An Invisibility Cloak? (3 videos)

Could a Klingon cloaking device really be developed?
Steve Taranovich, EDN Magazine, June 14, 2012
     The Brooklyn Bridge disappearing when David Copperfield waves his wand is magic.  But making items vanish is what new optical theories and nanotechnology construction methods now enable.
     A new "transformation optics" field of scientific study has developed a technique to manipulate light in ways we never imagined. Joachim Fischer of the Karlsruhe Institute of Technology in Germany describes the first-ever demonstration of a three-dimensional invisibility cloak that works for visible; i.e., red light at a wavelength of 700 nm—independent of its polarization (orientation). Previous cloaks required longer wavelength light, such as microwaves or infrared, or required the light to have a single, specific polarization.
     Fischer makes the tiny cloak—less than half the cross-section of a human-hair—by direct laser writing (i.e. lithography) into a polymer material to create an intricate structure that resembles a miniature woodpile. The precisely varying thickness of the "logs" enables the cloak to bend light in new ways. The key to this achievement was incorporating several aspects of a diffraction-unlimited microscopy technique into the team's 3-D direct writing process for building the cloak.

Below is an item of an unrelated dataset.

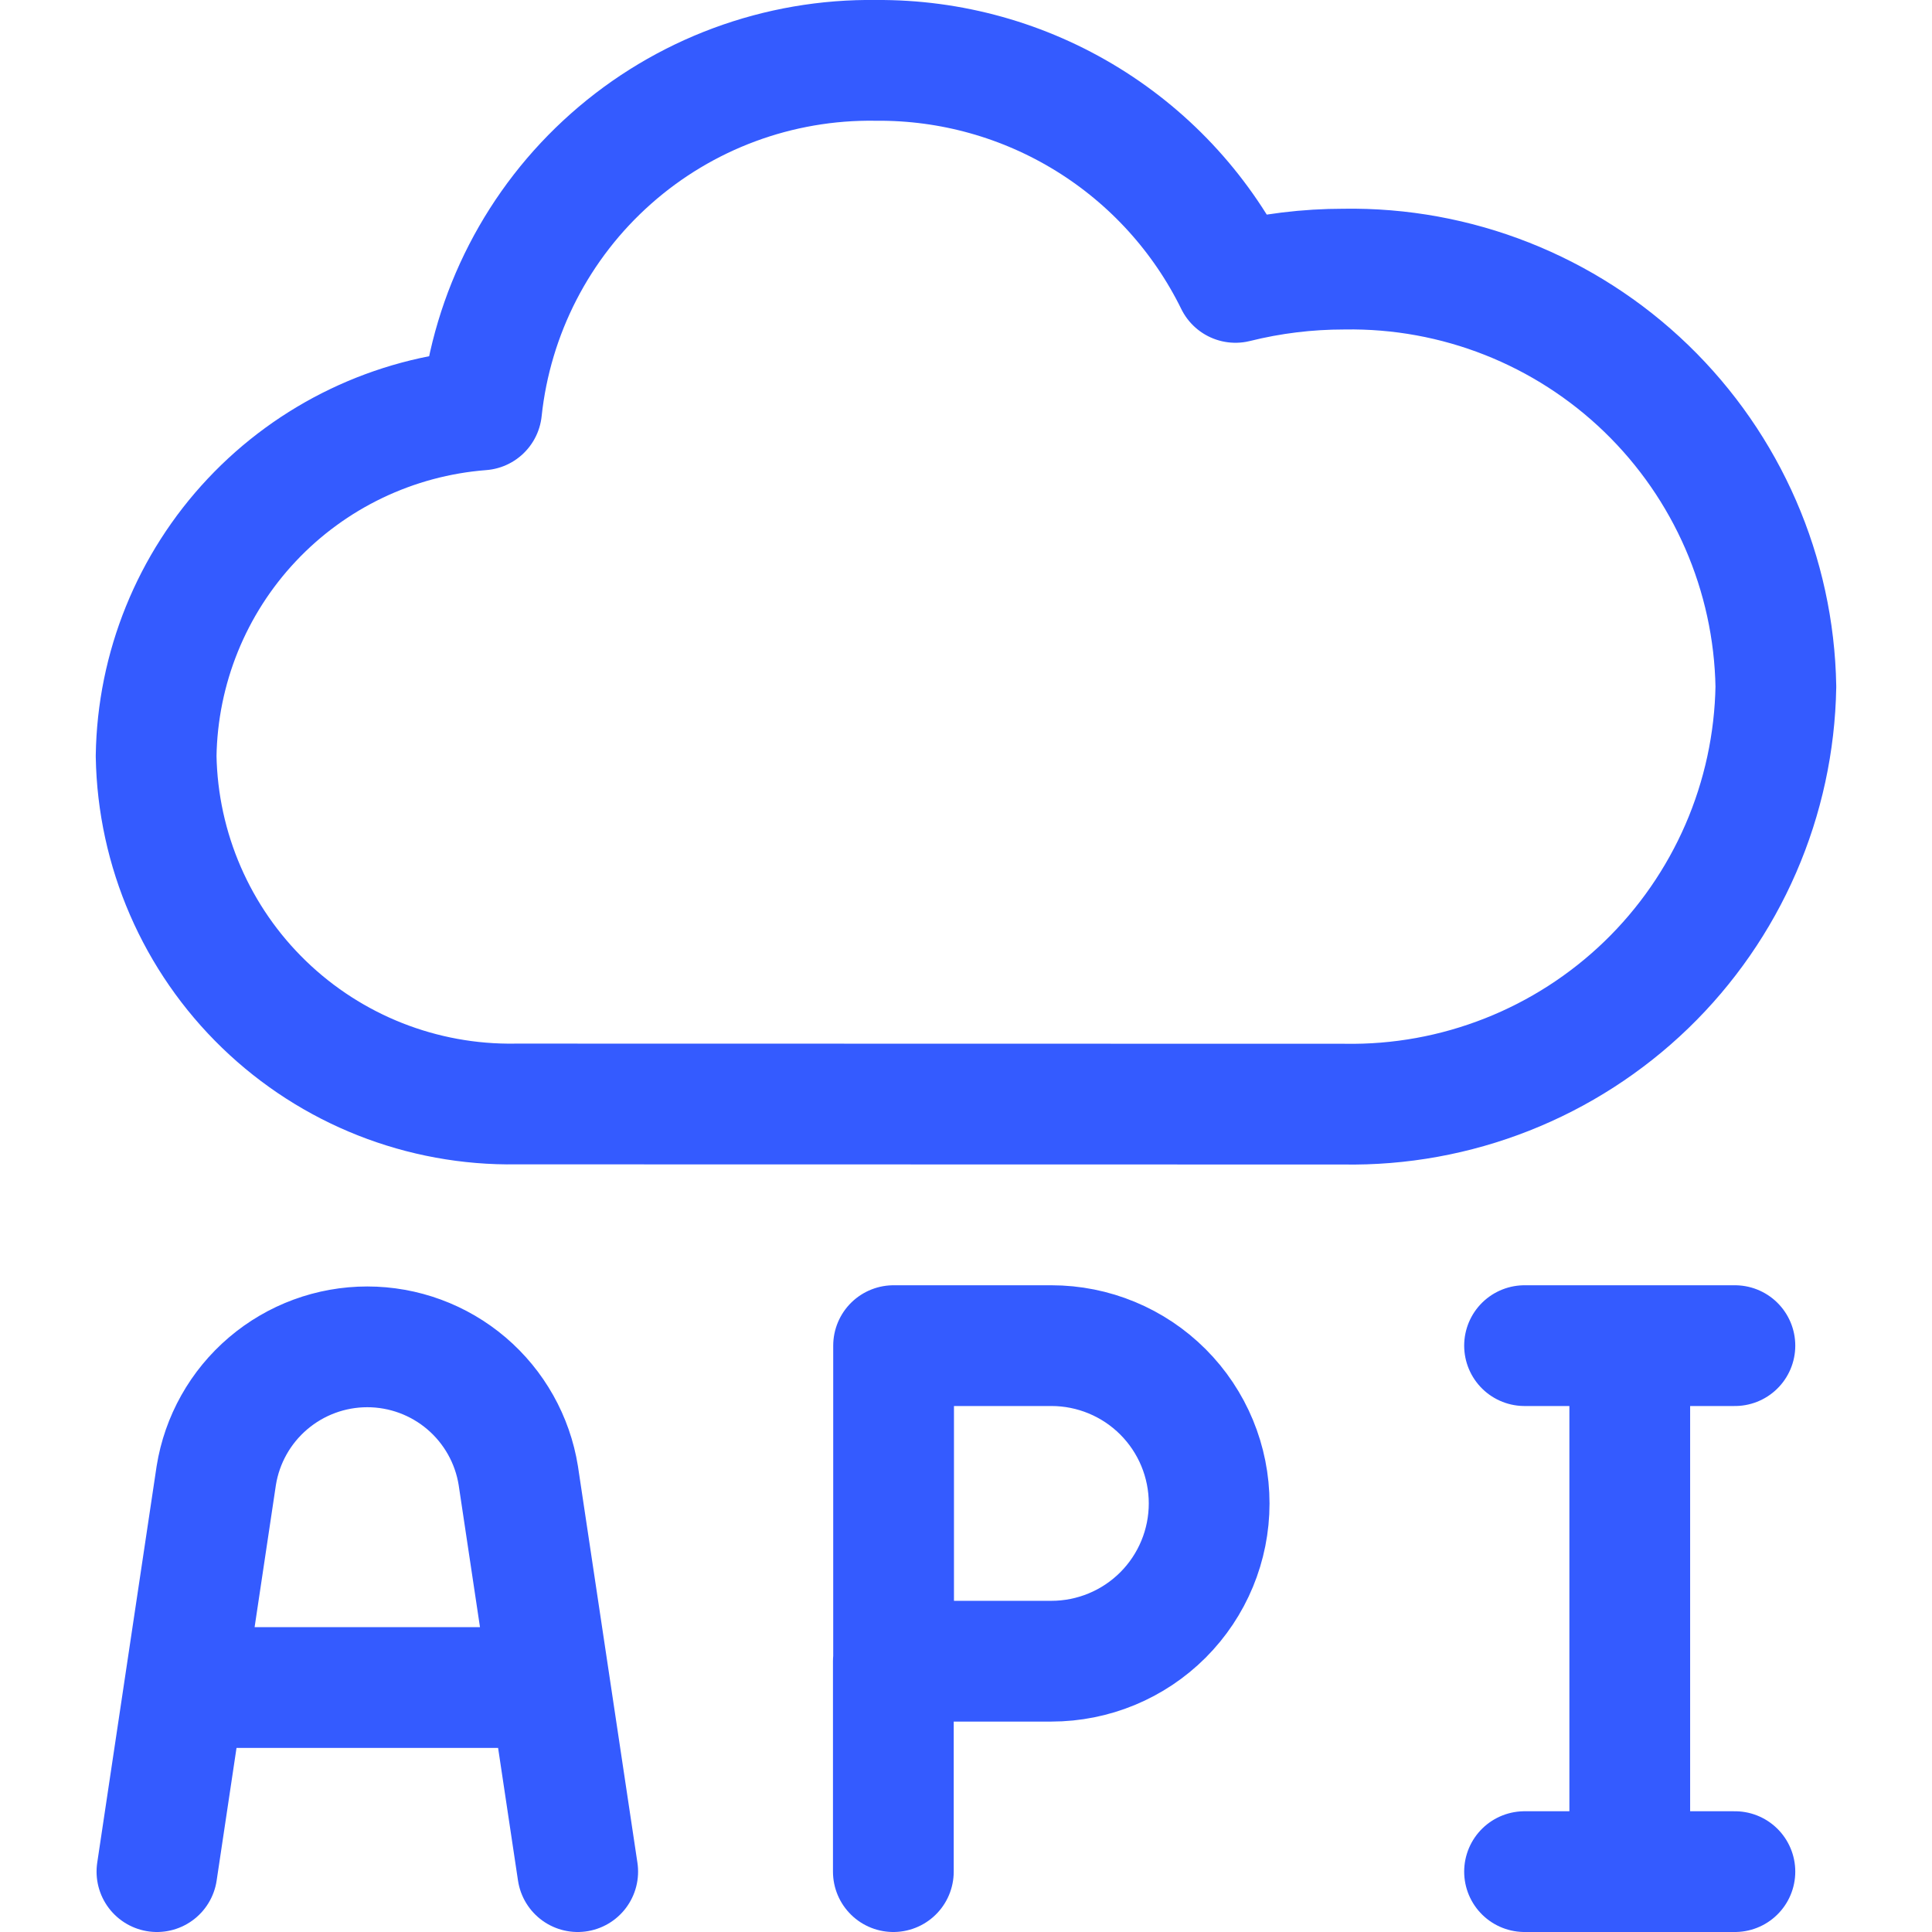 <svg width="48" height="48" viewBox="0 0 48 48" fill="none" xmlns="http://www.w3.org/2000/svg">
<path d="M40.491 46.5V33.432M37.877 33.432H43.103M37.877 46.5H43.103M22.195 46.5V41.272M3.899 46.5L5.373 36.66C5.516 35.768 5.972 34.956 6.66 34.37C7.348 33.784 8.221 33.462 9.125 33.462C10.028 33.462 10.902 33.784 11.59 34.37C12.277 34.956 12.734 35.768 12.877 36.66L14.353 46.5M4.585 41.926H13.667M33.389 27.432C34.775 27.456 36.152 27.206 37.441 26.697C38.73 26.189 39.907 25.431 40.904 24.468C41.9 23.505 42.697 22.354 43.249 21.083C43.801 19.812 44.097 18.444 44.121 17.058C44.072 14.26 42.913 11.596 40.901 9.651C38.889 7.707 36.187 6.64 33.389 6.686C32.481 6.686 31.577 6.796 30.695 7.016C29.877 5.349 28.605 3.947 27.025 2.971C25.445 1.995 23.622 1.485 21.765 1.5C19.343 1.464 16.994 2.335 15.181 3.942C13.368 5.548 12.221 7.775 11.965 10.184C9.788 10.352 7.752 11.327 6.256 12.918C4.76 14.508 3.912 16.601 3.879 18.784C3.92 21.116 4.885 23.336 6.561 24.956C8.238 26.577 10.489 27.466 12.821 27.428L33.389 27.432ZM22.201 41.272H26.121C27.161 41.272 28.158 40.859 28.893 40.124C29.628 39.389 30.041 38.392 30.041 37.352C30.041 36.312 29.628 35.315 28.893 34.58C28.158 33.845 27.161 33.432 26.121 33.432H22.201V41.272Z" stroke="#345BFF" stroke-width="3" stroke-linecap="round" stroke-linejoin="round"/>
</svg>

The dramatically increased resolution of the improved process enabled the team to create log spacings narrow enough to work in red light.
     "If, in the future, we can halve again the log spacing of this red cloak, we could make one that would cover the entire visible spectrum," Fischer added.
     This benefits we get as designers will not be the power to make a spaceship disappear but can dramatically affect such light-based technologies as microscopes, lenses, chip manufacturing and data communications.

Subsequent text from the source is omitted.